After running the code, the summary statistics show positive mean changes in raw scores but **negative mean improvement indices** for both groups. Because the program runs without errors, the issue must come from the **logic inside one of the functions**. Using the debugger helps you trace where the incorrect values are produced.

1. **Set a breakpoint in `main.py`**

   Place a breakpoint **before** the index is created:

   ```python
   index = index_measurements_by_participant(measurements)
   ```

   Start debugging (PyCharm or VS Code). You can now:

   * Step through `index_measurements_by_participant`.
   * Step over to the line

     ```python
     improvements = compute_improvements(participants, index)
     ```

   You may also set a **conditional breakpoint**, e.g.:

   * `post_score > pre_score` but `improvement < 0`.

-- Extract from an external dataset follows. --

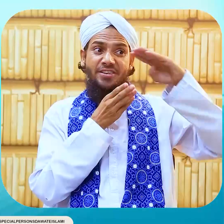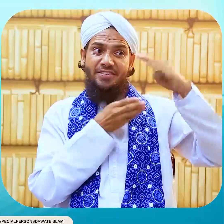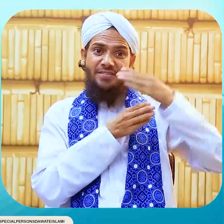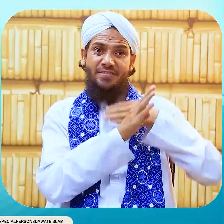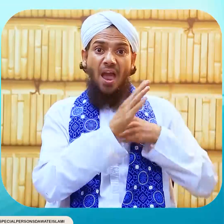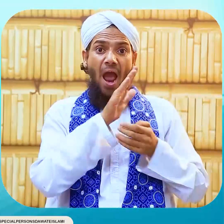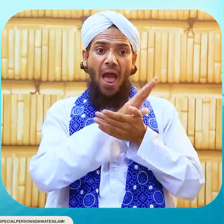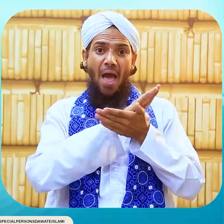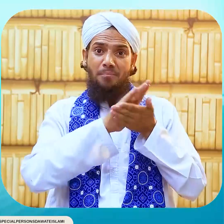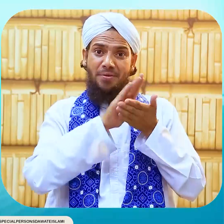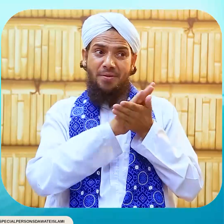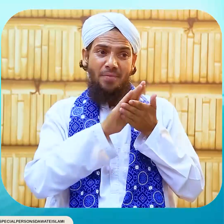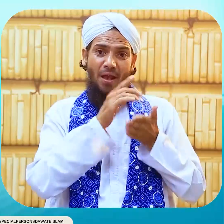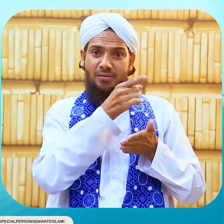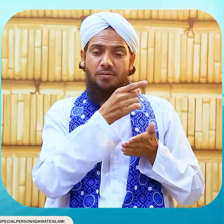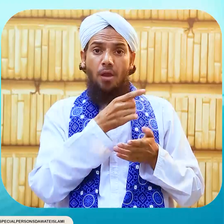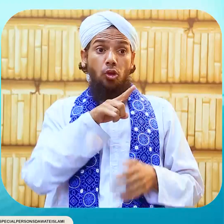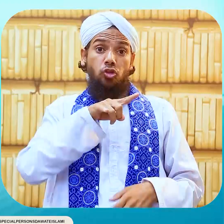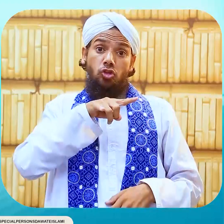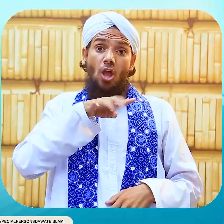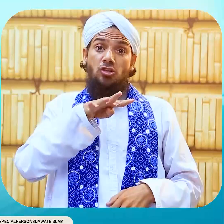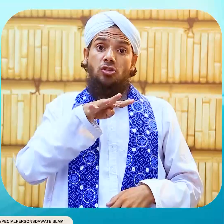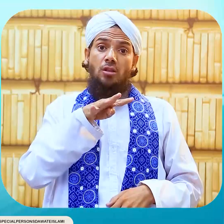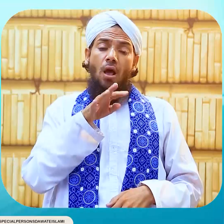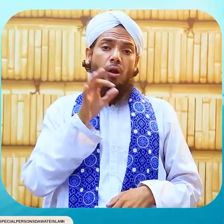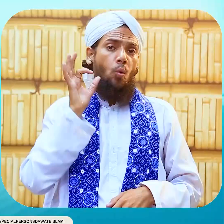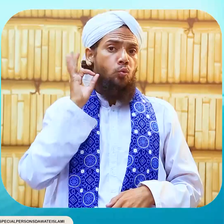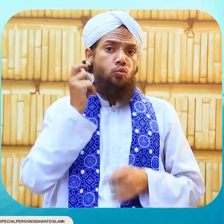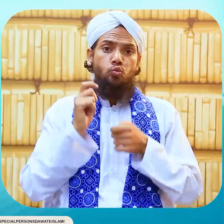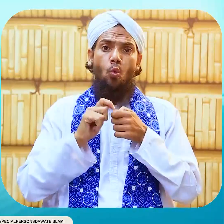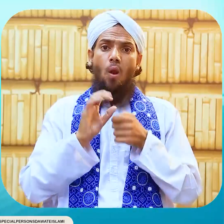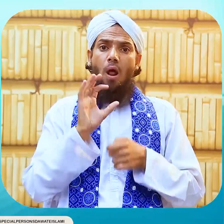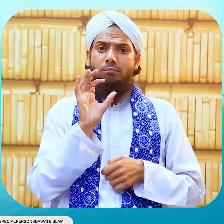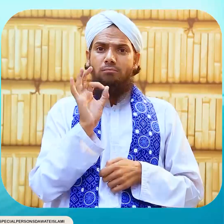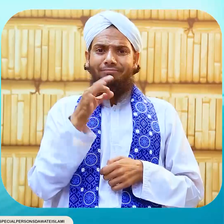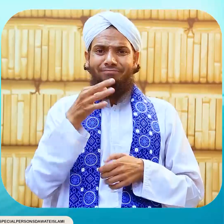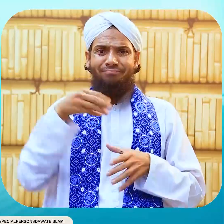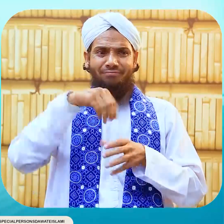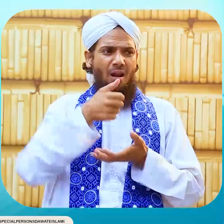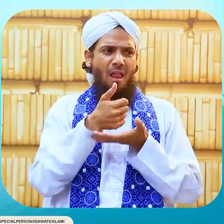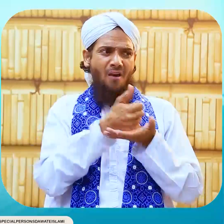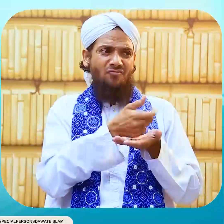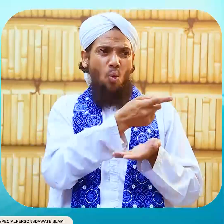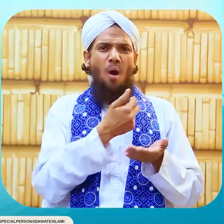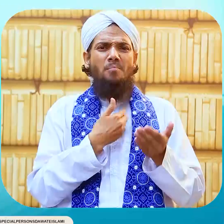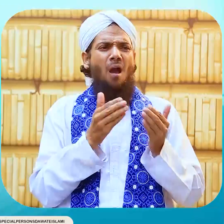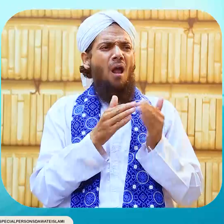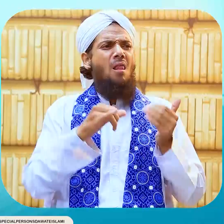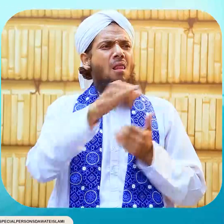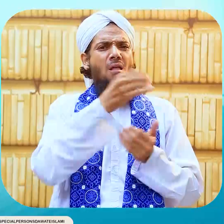اللہ ہی طلالے کے پاس دس ہزار درہم بطور امانت رکھے کہ آپ میرے بسرہ میں گھر خرید لیں تاکہ جب

   This immediately highlights suspicious cases.

2. **Step into `compute_improvements` (in `stats.py`)**

   Use *Step Into* when the debugger reaches the function call.
   Inspect the values for each participant:

   * `pre_score`
   * `post_score`
   * calculated `improvement`

   You will find cases where the post-score is larger than the pre-score, yet the computed improvement is **negative**.
   This reveals that the formula in the function is incorrect.

3. **Locate and correct the bug**

   In `stats.py` the function currently computes:

   ```python
   improvement = pre_score - post_score
   ```

   This produces negative values whenever scores increase.
   The correct direction of change is:

   ```python
   improvement = post_score - pre_score
   ```

4. **Verify the fix**

   Run the debugger again:

   * Step into `compute_improvements` and check a few participants.
   * Confirm that whenever `post_score > pre_score`, the improvement is now positive.
   * Let the program finish and review the updated summary statistics.

### Exercise 6: Git and GitHub

1. In our `python_course` repository, check out a new branch on your computer called `feature/<some_creative_name>`.
2. Create a new file called `git_exercise.py` which contains a small function that prints "Hello Git!" to the console.
3. Commit and push the changes to the remote repository.
4. On GitHub, create a pull request to merge your branch into the `main` branch (you should only create the pull request, but not actually merge the branches).


### Exercise 7: GitHub Copilot Installation

1. Sign up for the free student plan of GitHub Copilot, e.g., on [GitHub Education](https://github.com/education/students).
2. Install the GitHub Copilot extension in Visual Studio Code and the GitHub Copilot plugin in PyCharm.
3. Test the extension/plugin by writing a few lines of code in both editors.

### Exercise 8: Learn Git Branching (Optional)

For anyone who would like to dive deeper into the possibilities of Git, I recommend doing the tutorial at [https://learngitbranching.js.org/](https://learngitbranching.js.org/).\
It is a great option to learn Git interactively and in a fun way.